Bottom line: The authors concluded that IV TXA, irrespective of the dose, does not increase the risk of thromboembolic events. Period.

Hopefully, this is the final study needed to convince the TXA hesitant that it is safe to administer. They may still argue the efficacy, but at less than $100 per vial it is becoming impossible to ignore.

Reference: Association of Intravenous Tranexamic Acid
With Thromboembolic Events and Mortality A Systematic Review, Meta-analysis, and Meta-regression. JAMA Surgery 156(6):3210884, 2021.

Best Of AAST 2021: Are We Getting Better At Balanced Resuscitation?

The way we resuscitate major trauma patients has been changing over the past decade. Even the 10th edition of the ATLS course has recognized that so-called balanced resuscitation is important. This concept limits the use of crystalloid and relies more heavily on blood component administration in ratios that more closely approximate whole blood.  Balanced resuscitation typically translates as the use of less than two liters of crystalloid, and blood product transfusion ratios of 1:1 to 2:1 (PRBC to plasma).

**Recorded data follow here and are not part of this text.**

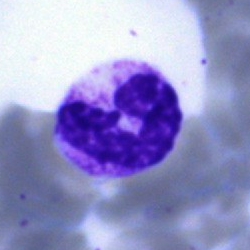Morphology — segmented neutrophil.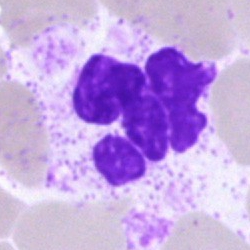 Impression — artefact.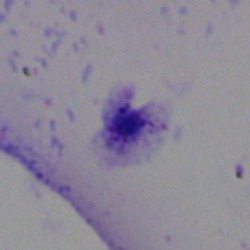
Single cell identified as an artefact.
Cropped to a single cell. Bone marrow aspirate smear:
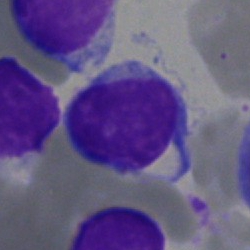

Single cell identified as a lymphocyte.
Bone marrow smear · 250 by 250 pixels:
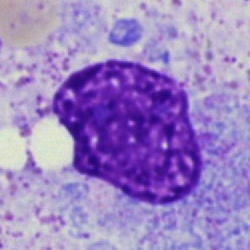 The morphological class is artifact.

We have also recognized the critical importance of rapid control of major hemorrhage, which is best accomplished in an operating room.  The group at the University of Arizona massaged the TQIP database to see if these changes are having a significant impact on our patients.

They looked at five years worth of data, specifically reviewing information on adult patients with both transfusion and laparotomy occurring within four hours of arrival. The authors performed regression analyses to identify trends over the study period.

Here are the factoids:

  • Nearly 10,000 patients met study criteria with a mean age of 44 and ISS 34
  • Patients were in shock, with mean SBP 78 and median number of transfusions of 9 PRBC and 6 plasma
  • Time to laparotomy decreased from 1.87 hours to 1.37 hours over the five year period
  • 24-hour mortality decreased from 23% to 19% during the study
  • Blood product ratio decreased from 1.93:1 to 1.73:1
  • The authors state that the blood product ratio was independently associated with 24 hour mortality (odds ratio of 1.09) and in-hospital mortality (1.10) (??)

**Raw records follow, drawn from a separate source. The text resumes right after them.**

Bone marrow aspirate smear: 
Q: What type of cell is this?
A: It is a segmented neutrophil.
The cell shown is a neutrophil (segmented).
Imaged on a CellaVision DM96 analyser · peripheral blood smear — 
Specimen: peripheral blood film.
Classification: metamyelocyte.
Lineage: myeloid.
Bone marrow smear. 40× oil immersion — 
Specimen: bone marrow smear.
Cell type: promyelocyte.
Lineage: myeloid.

The authors conclude that resuscitation is becoming more balanced and time to surgery shorter, with a significant improvement in mortality.

Bottom line: Well, this is an interested study of associations. It uses a large database, which of course limits some of the information available. There are obvious trends toward faster time to OR (by 30 minutes) and a 4% improvement in survival. But the transfusion ratio really looks to be about the same. 

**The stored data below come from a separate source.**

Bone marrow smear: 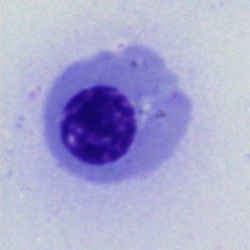

An erythroblast.
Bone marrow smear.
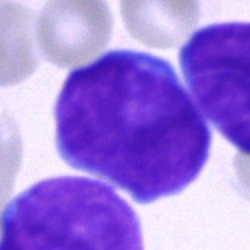
An undifferentiated blast.
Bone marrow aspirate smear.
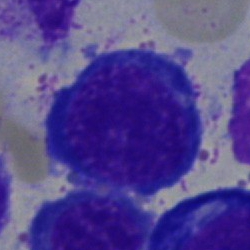
Specimen: bone marrow smear.
Cell: erythroblast.
Lineage: erythroid.
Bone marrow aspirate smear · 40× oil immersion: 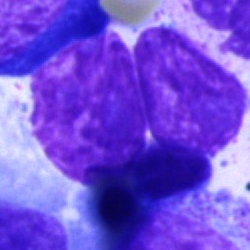
Morphology — artefact.

Let’s do the math, assuming that an average of 10 units of PRBC were given. A ratio of 1.93 would mean that 5.2 units of plasma were give (1425 cc, assuming 275 cc per unit). The ratio of 1.73 noted in 2017 would then be 5.8 units, or 1590 cc. This is an increase in FFP transfusion of 165 cc.

The authors stated that the improvement in transfusion ratios was statistically associated with the improvement in survival. I think this is one of those situations where there is a big difference between statistical significance and clinical significance. Do you really think that giving just 165 additional ccs of plasma could have that much overall effect on survival?

My suspicion is that there is a true association between the more rapid time to OR (and presumably surgical control) and survival. It’s just that the numbers were not clean enough to meet statistical rigor.

This is an interesting abstract, and shows that we are slowly getting better at controlling bleeding. But I think the most important takeaway is that we are not as good at balanced resuscitation as we think we are. We seem to be hovering at the 2:1 ratio, and only very slowly moving toward 1:1.

Questions for the authors / presenter:

  • Were you able to see a correlation between time to OR and survival?
  • Please comment on the association between transfusion ratios and survival, especially given the very small change over time.
  • Please clarify the in-hospital mortality and 24-hour mortality variables. In-hospital mortality suddenly pops up at the end of the results, but was never mentioned before.

Reference: AFTER 9,000 LAPAROTOMIES FOR BLUNT TRAUMA, RESUSCITATION IS BECOMING MORE BALANCED AND TIME TO INTERVENTION SHORTER: HOW LOW CAN WE GO? AAST 2021, Oral abstract #3.